Die Samen der Würgefeigen werden von Vögeln gefressen und passieren unbeschädigt den Verdauungstrakt. Wenn sie im Kot der Vögel auf den Ast eines Baumes ausgeschieden werden, keimen die Samen dort. Die Feigenpflanzen wachsen direkt auf dem Ast, doch die Luftwurzeln wachsen zum Boden hinab. Erreichen die Wurzeln den Boden, beginnen die Feigen ein schnelleres Wachstum und bilden von nun an viel mehr Luftwurzeln. Sie umschließen allmählich ihren Wirtsbaum, der schließlich abstirbt, wodurch sich im Inneren der Würgefeige ein Hohlraum bildet.
Das Highlight – Angkor Wat – sparen wir uns bis zum Schluss auf. Man sagt, dieses großartigste Bauwerk der Khmer-Klassik vereinige indische und hinterindische Kultur und die Bauerfahrung von Jahrhunderten zu einem der schönsten Monumente der Welt.
Auf der Höhe seiner Macht ließ Suriyavarman II., einer der bedeutenden Könige der Khmer, das riesige Bauwerk von allen vier Seiten aus beginnen, so dass es, ein Wunderwerk der Planung, von unzähligen Arbeitern, Baumeistern und Bildhauern in weniger als 40 Jahren erbaut wurde und am Ende seines Lebens vollendet war.
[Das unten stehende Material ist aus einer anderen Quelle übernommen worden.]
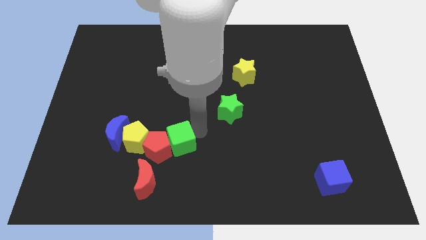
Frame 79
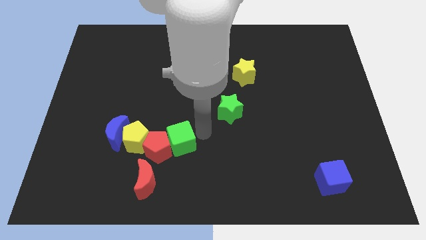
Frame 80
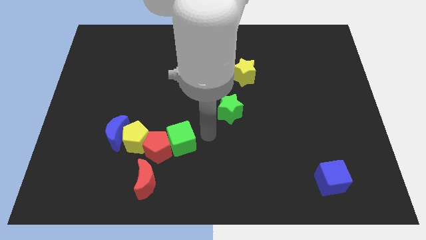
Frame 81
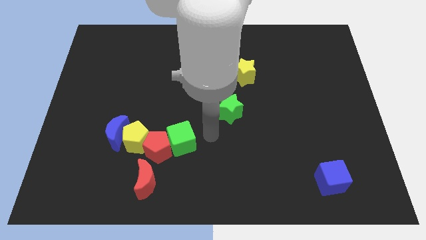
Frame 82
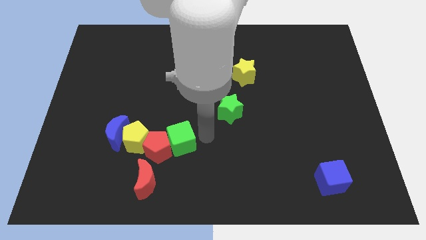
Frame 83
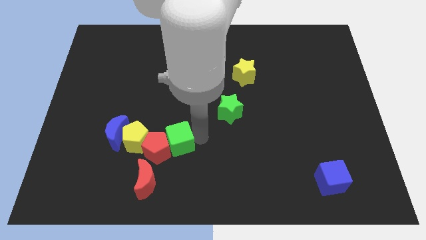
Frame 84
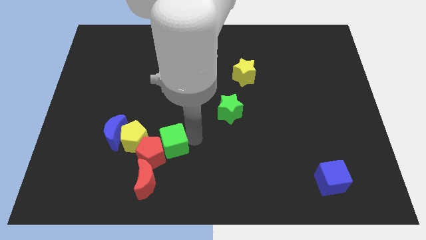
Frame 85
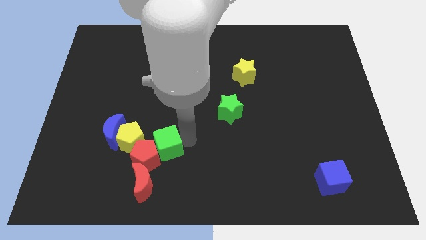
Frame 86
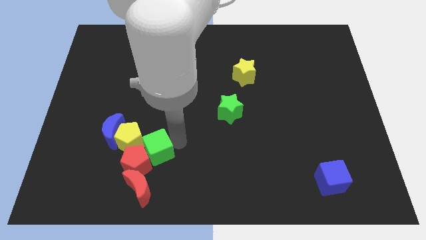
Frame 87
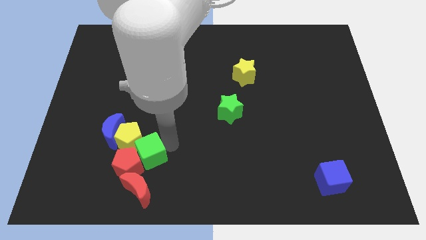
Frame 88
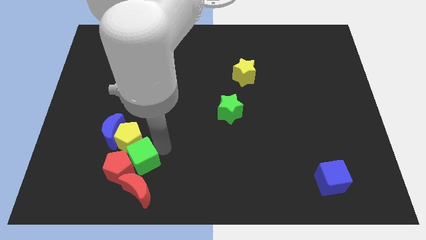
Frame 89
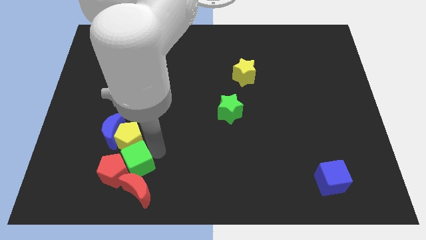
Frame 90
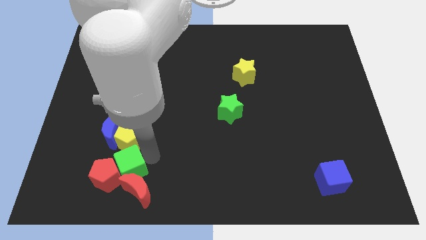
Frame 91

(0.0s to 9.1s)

Die Anlage bildet ein Rechteck, ist von Osten nach Westen 1500 Meter und von Norden nach Süden 1300 Meter lang. Von Westen her führt der einzige, 220 Meter lange Damm, der mit großen Sandsteinplatten abgedeckt ist, zum prächtigen Haupteingang. Von den Säulen und der Naga-Balustrade des Dammes blieben nur Reste.
Die Türme von Angkor Wat sind beschädigt, lassen aber ihre frühere Eleganz ahnen.
Der Angkor Wat hat eine Gesamthöhe von 65 Metern und erreicht damit etwa die Höhe der Kathedrale von Notre Dame in Paris, die zur gleichen Zeit errichtet wurde.
Neben der großartigen Architektur tragen etwa 600 Meter Reliefs zur Einmaligkeit des Angkors bei. Für eine Szene bedeutsame Personen oder Tiere werden hervorgehoben, indem sie größer dargestellt werden als unwichtige.
Zu Füßen des Betrachters liegt die riesige Anlage – vom tropischen Regenwald bedrängt, der nur durch den riesigen Wassergraben abgehalten scheint.
Mit vielen Eindrücken und völlig erledigt durch die Hitze und hohe Luftfeuchtigkeit beenden wir unseren Angkor-Besuch.